PROVIDED DATA
* * * * * * *
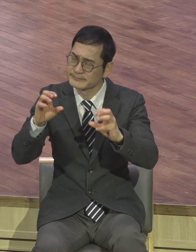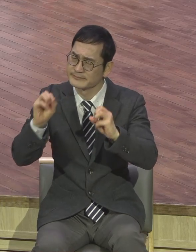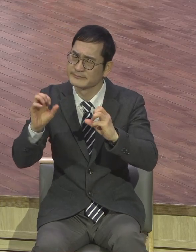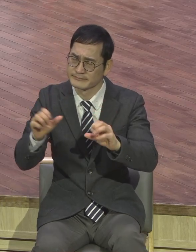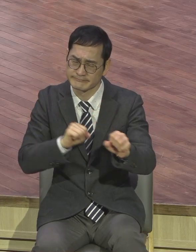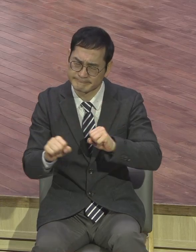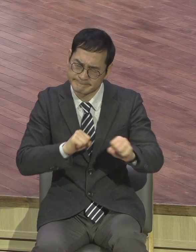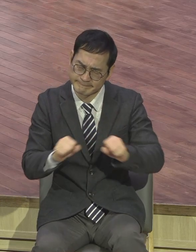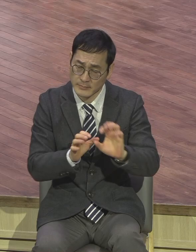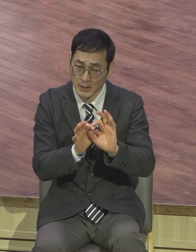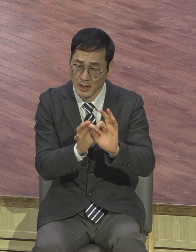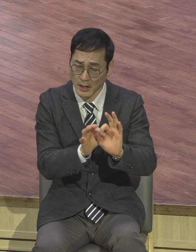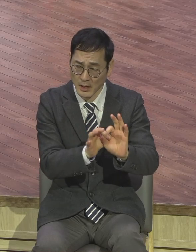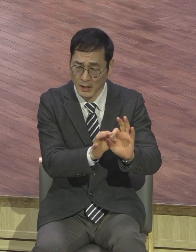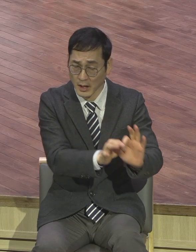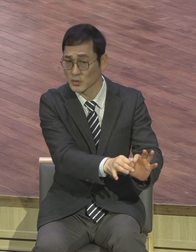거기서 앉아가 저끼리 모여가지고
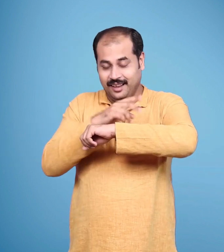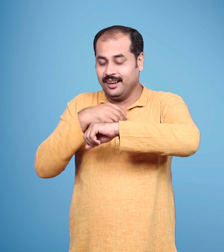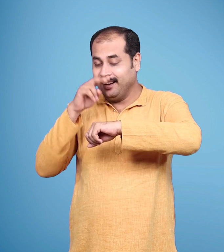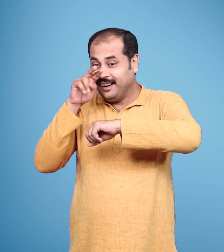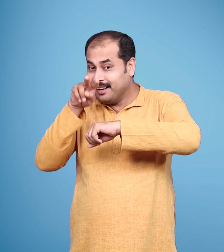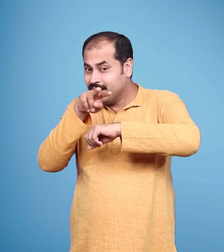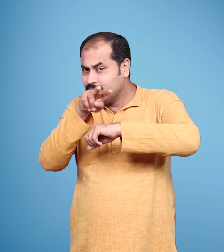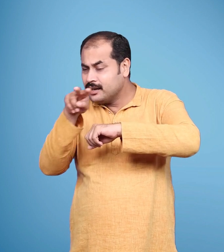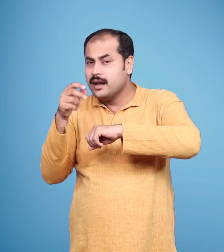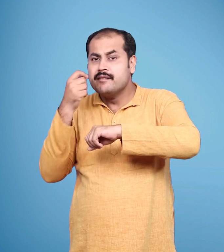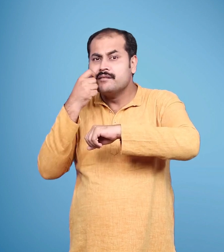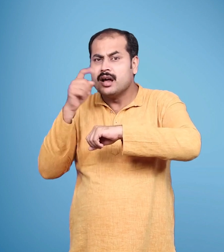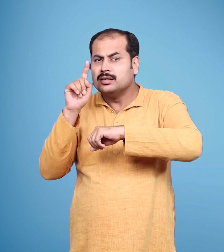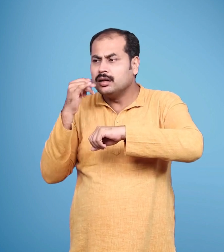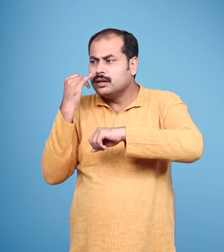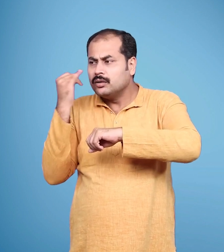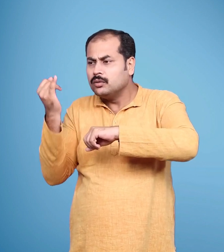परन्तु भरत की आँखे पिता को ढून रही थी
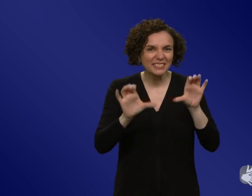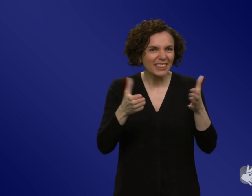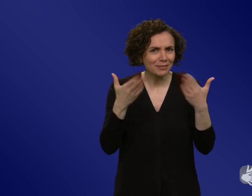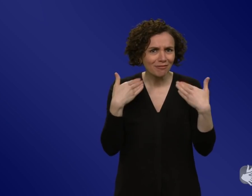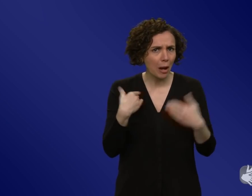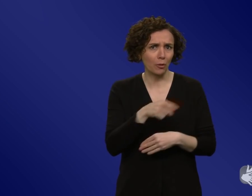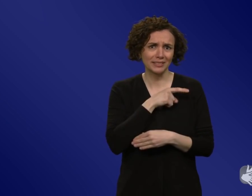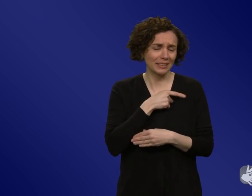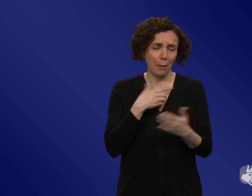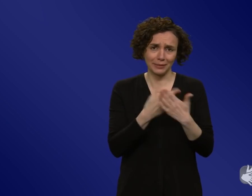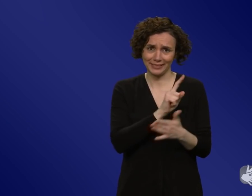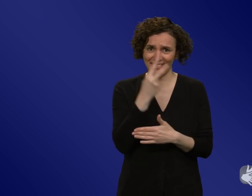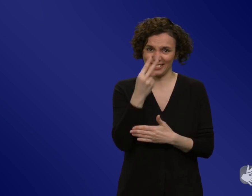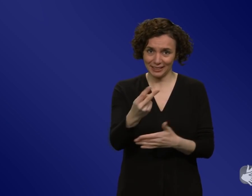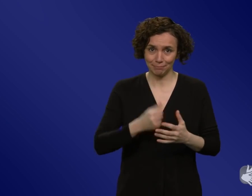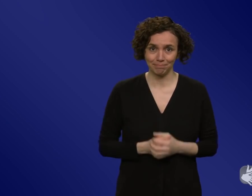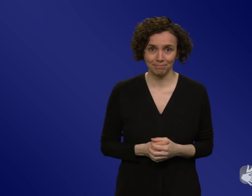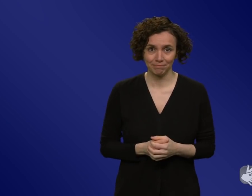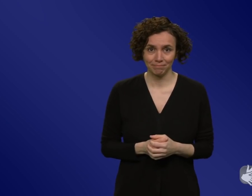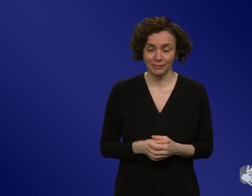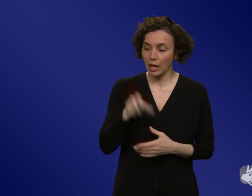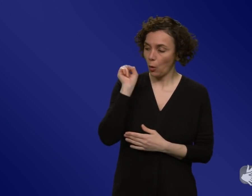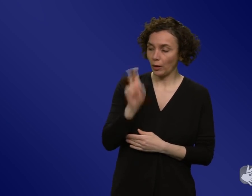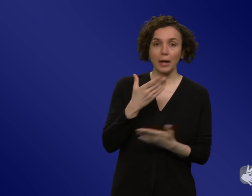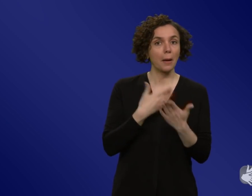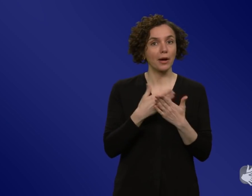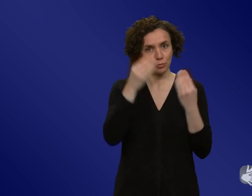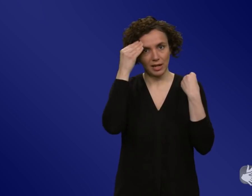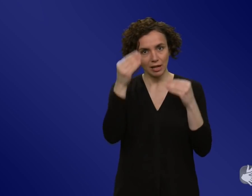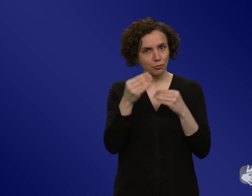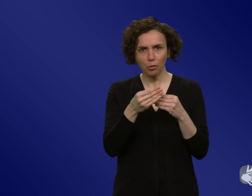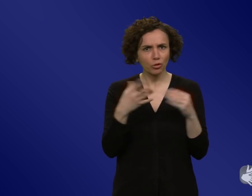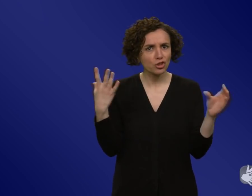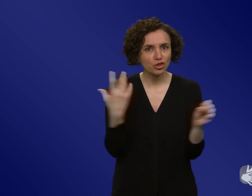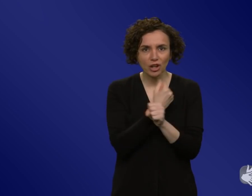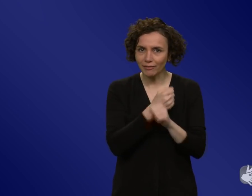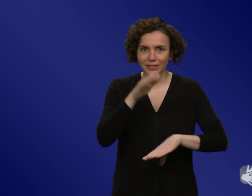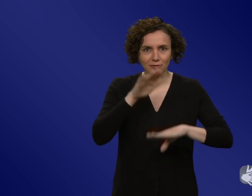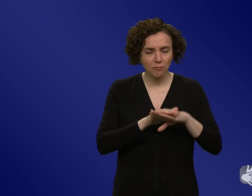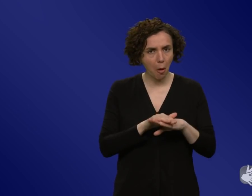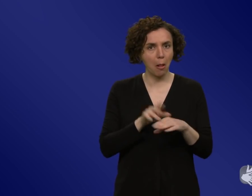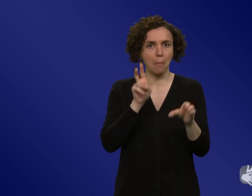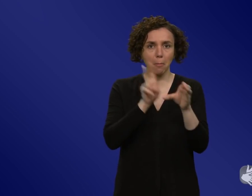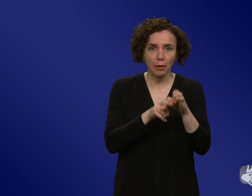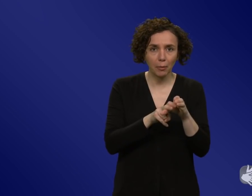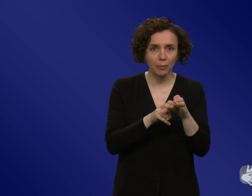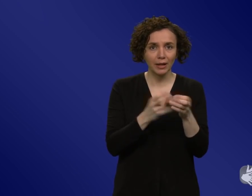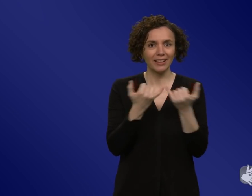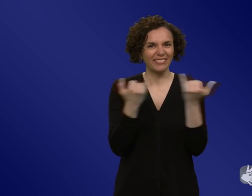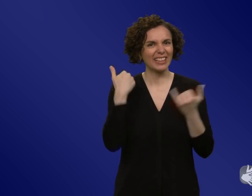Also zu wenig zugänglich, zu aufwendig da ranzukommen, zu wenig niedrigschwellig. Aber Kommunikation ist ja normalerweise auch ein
* * * * * * *
PROBLEM DETAILS
Copy out exactly the lines that run from the line containing "परन्तु भरत की आँखे पिता को ढून रही थी" through the last line of the material, and nothing more; omit the pictures.

EXERCISE ANSWER
परन्तु भरत की आँखे पिता को ढून रही थी
Also zu wenig zugänglich, zu aufwendig da ranzukommen, zu wenig niedrigschwellig. Aber Kommunikation ist ja normalerweise auch ein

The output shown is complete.